Cubist Blog - Intel SGX is broken (again)

Secure hardware can help protect cryptographic keys from attackers, third-party vendors, and even insider threats. Unfortunately, last week's disclosure of Downfall, the latest in a long line of SGX vulnerabilities, shows that not all “secure hardware” is actually secure.

If your key manager relies on SGX, for example, it may not be keeping your secret keys secret. Attackers could have exploited Downfall to bypass SGX's protections and recover keys anytime in the last few years; if not Downfall, attacks like Foreshadow and AEpicLeak could have accomplished the same thing.

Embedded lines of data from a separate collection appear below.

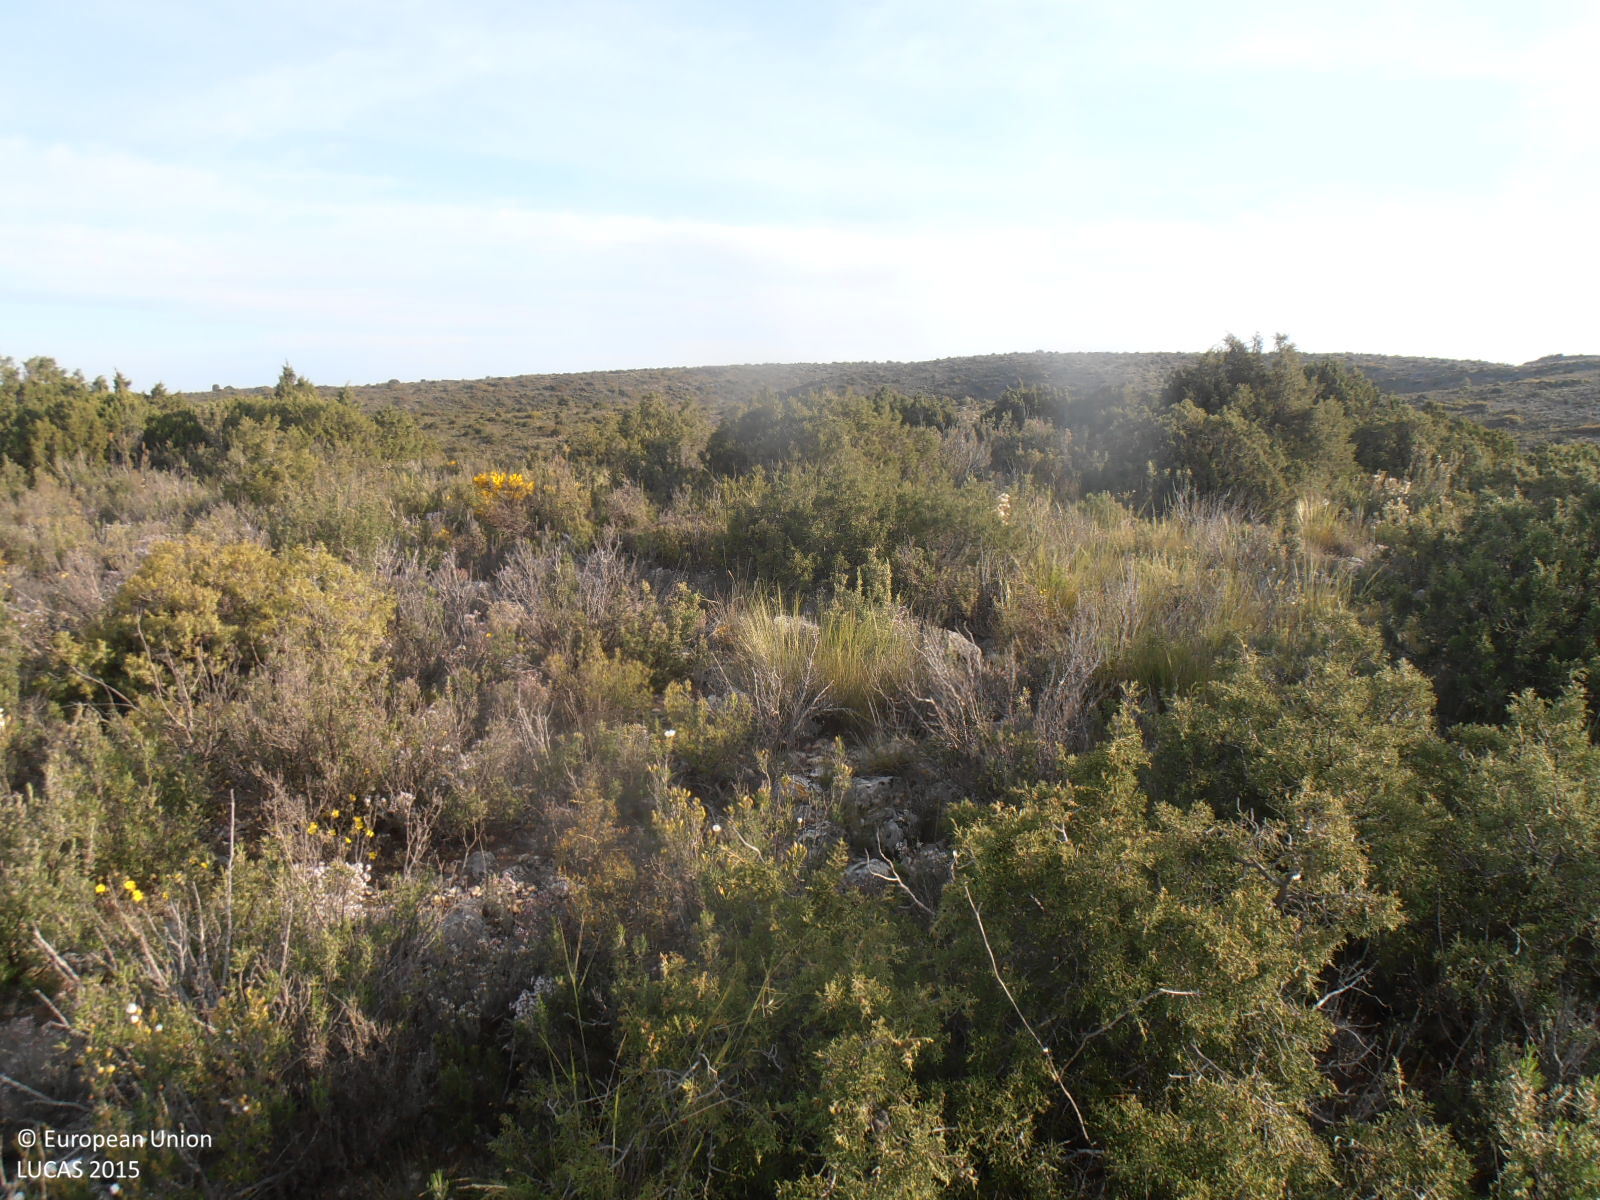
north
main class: Shrubland
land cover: Shrubland with sparse tree cover
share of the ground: > 75 %
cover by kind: shrubs 80 %, consolidated bare surface 10 %, coniferous forest trees 5 %, herbaceous plants 5 %
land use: Semi-natural and natural areas not in use
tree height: < 5 m
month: April
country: ES
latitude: 41.3959
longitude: -1.0120

At Cubist, we've avoided complex secure hardware like SGX in favor of lightweight TPM implementations. To understand why—and why you might want to avoid more complex hardware, too—we'll give a brief introduction to SGX, its security problems, and their underlying causes. Then, we'll describe the secure hardware we use at Cubist, our reasons for using it, and the security properties it provides.

What is SGX?

Intel's Software Guard eXtensions (SGX) extend the CPU with features intended to allow security-sensitive software to run inside of a logically isolated computing environment.

SGX was released in 2015 with the Skylake architecture and, at least initially, seemed like a giant leap for secure computing. Dozens of academic papers described applications of SGX to private analytics, network firewalls, databases, blockchains, and more, and commercial products soon followed.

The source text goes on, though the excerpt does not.